Mardia's Coefficient of Skewness: A Comprehensive Guide to Multivariate Skewness Detection in R

Understanding Mardia’s Coefficient of Skewness

=====================================================

Mardia’s coefficient of skewness is a measure used to assess the symmetry of multivariate distributions. In this article, we will delve into how to calculate and store the Mardia’s coefficients in a vector when dividing data into multiple parts.

Background on Multivariate Skewness


Skewness is a statistical concept that describes the asymmetry of a distribution. In univariate distributions, skewness can be calculated using the formula: $S = \frac{E(X^3) - (E(X))^3}{\sigma^3}$ where $X$ is the random variable, $\mu$ is its mean, and $\sigma$ is its standard deviation.

However, when dealing with multivariate data, things become more complicated. The concept of skewness extends to higher dimensions, making it essential for understanding the underlying structure of a dataset.

Mardia’s Coefficient


In 1970, Andrew Mardia proposed a method for detecting multivariate skewness and kurtosis using the multivariate normal distribution as a reference. This approach involves calculating the Mahalanobis distance (MD) between the given data distribution and the multivariate normal distribution.

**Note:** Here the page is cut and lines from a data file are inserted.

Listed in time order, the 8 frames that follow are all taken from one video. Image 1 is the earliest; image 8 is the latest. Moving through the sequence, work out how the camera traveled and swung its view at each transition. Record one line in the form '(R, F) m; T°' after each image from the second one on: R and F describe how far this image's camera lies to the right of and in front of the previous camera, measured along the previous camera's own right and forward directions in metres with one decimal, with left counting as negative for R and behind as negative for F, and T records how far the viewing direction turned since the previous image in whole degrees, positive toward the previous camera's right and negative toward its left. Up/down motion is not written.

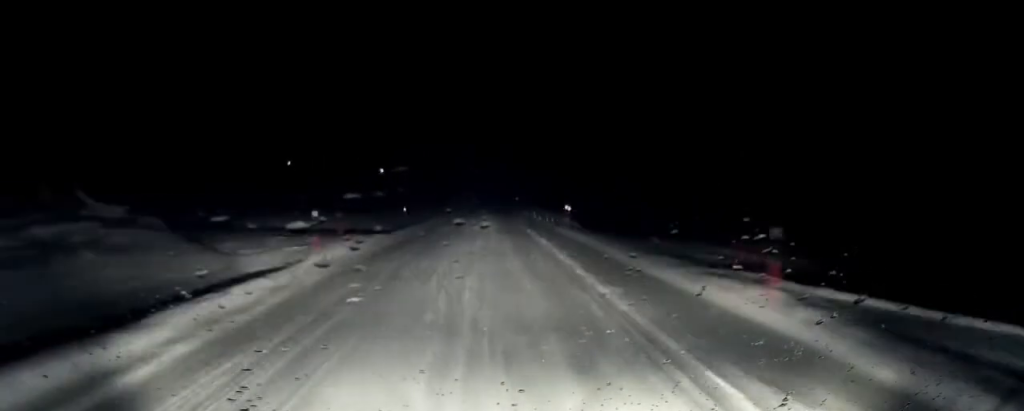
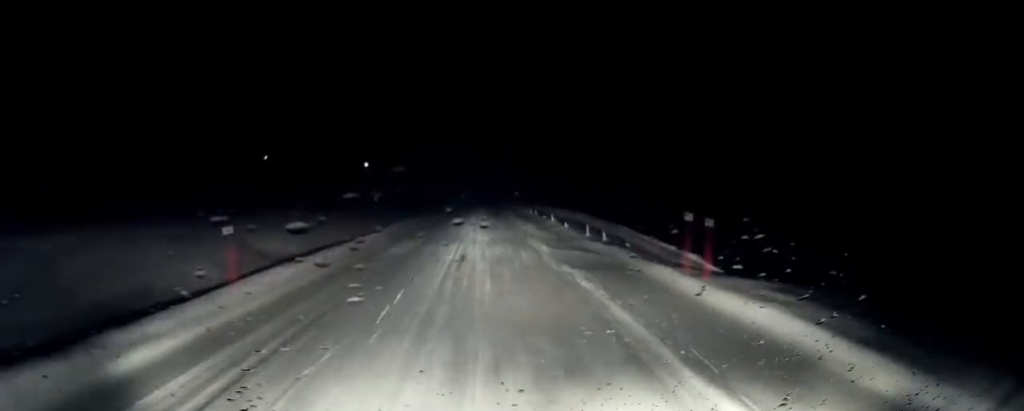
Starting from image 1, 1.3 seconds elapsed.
(-0.1, +16.7) m; +1°
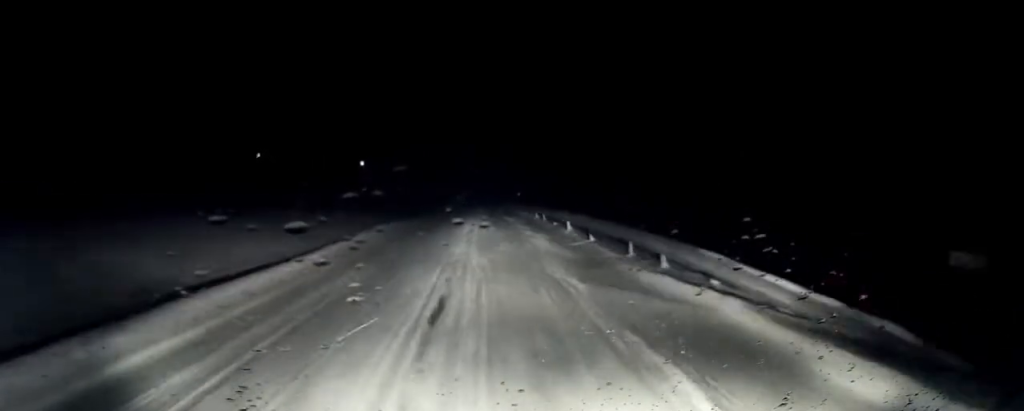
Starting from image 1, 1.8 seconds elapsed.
(+0.1, +6.0) m; +1°
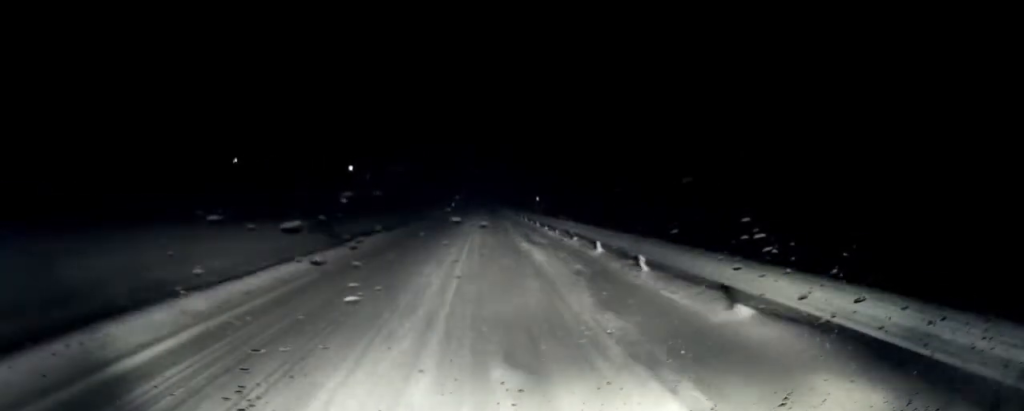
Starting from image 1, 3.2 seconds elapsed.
(-0.4, +18.7) m; -2°
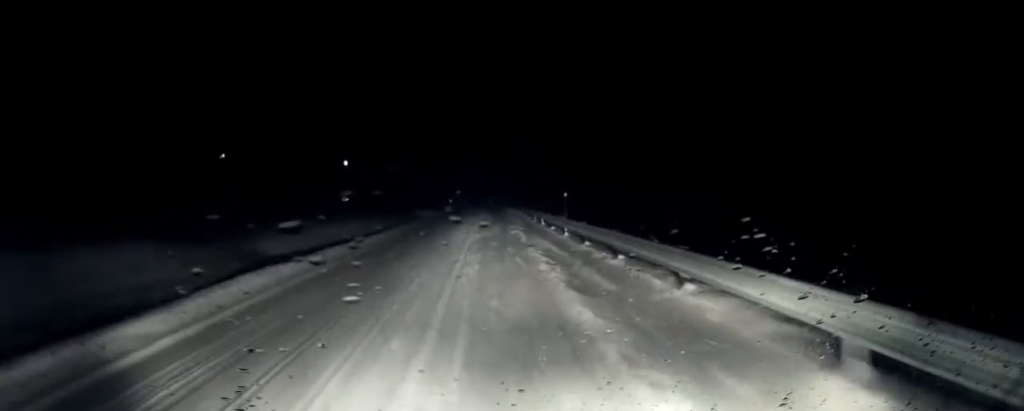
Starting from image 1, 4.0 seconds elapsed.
(-0.1, +10.6) m; 0°
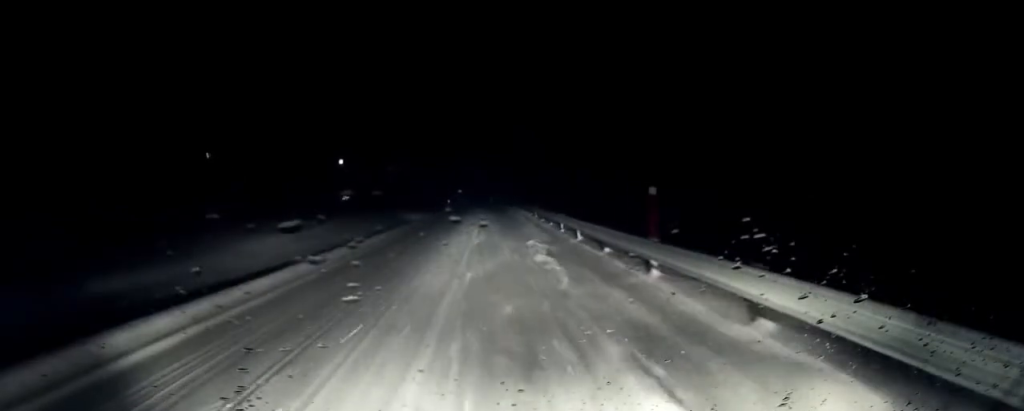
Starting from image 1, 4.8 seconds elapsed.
(+0.3, +10.6) m; 0°
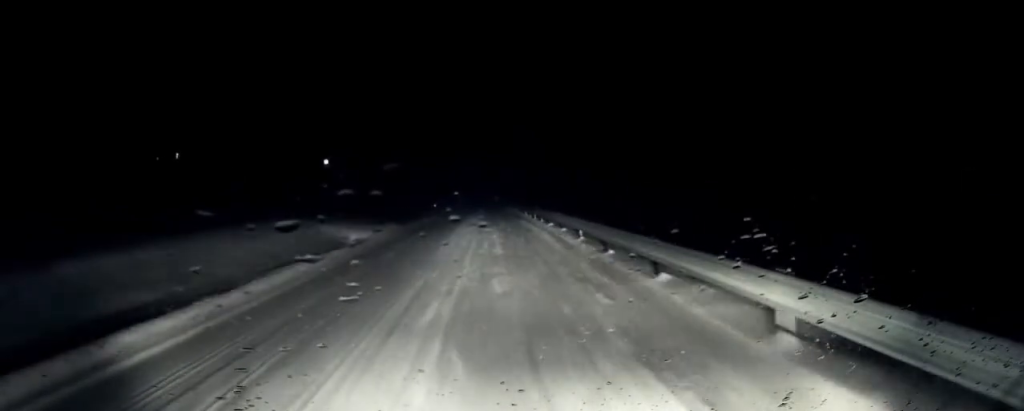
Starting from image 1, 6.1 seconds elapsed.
(-0.5, +16.8) m; -2°
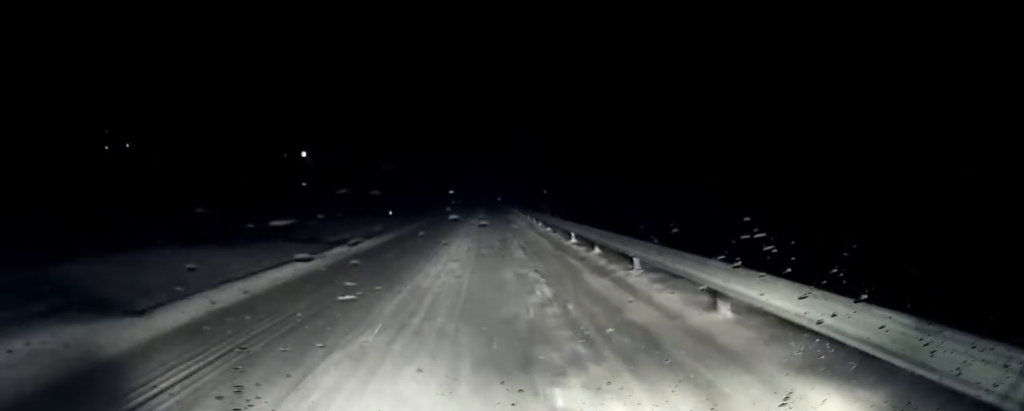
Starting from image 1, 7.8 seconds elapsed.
(0.0, +22.9) m; +2°

The Mahalanobis distance can be thought of as a measure of how many standard deviations away from the mean a given observation is, taking into account the correlations between variables.

The Mardia Test


Mardia’s test calculates two values:

  1. Skewness ($\lambda_s$): measures the asymmetry or skewness in the distribution.
  2. Kurtosis ($\lambda_k$): measures the “tailedness” or kurtosis of the distribution.

These values are used to determine whether a dataset is likely to come from a multivariate normal distribution, which serves as a baseline for comparison.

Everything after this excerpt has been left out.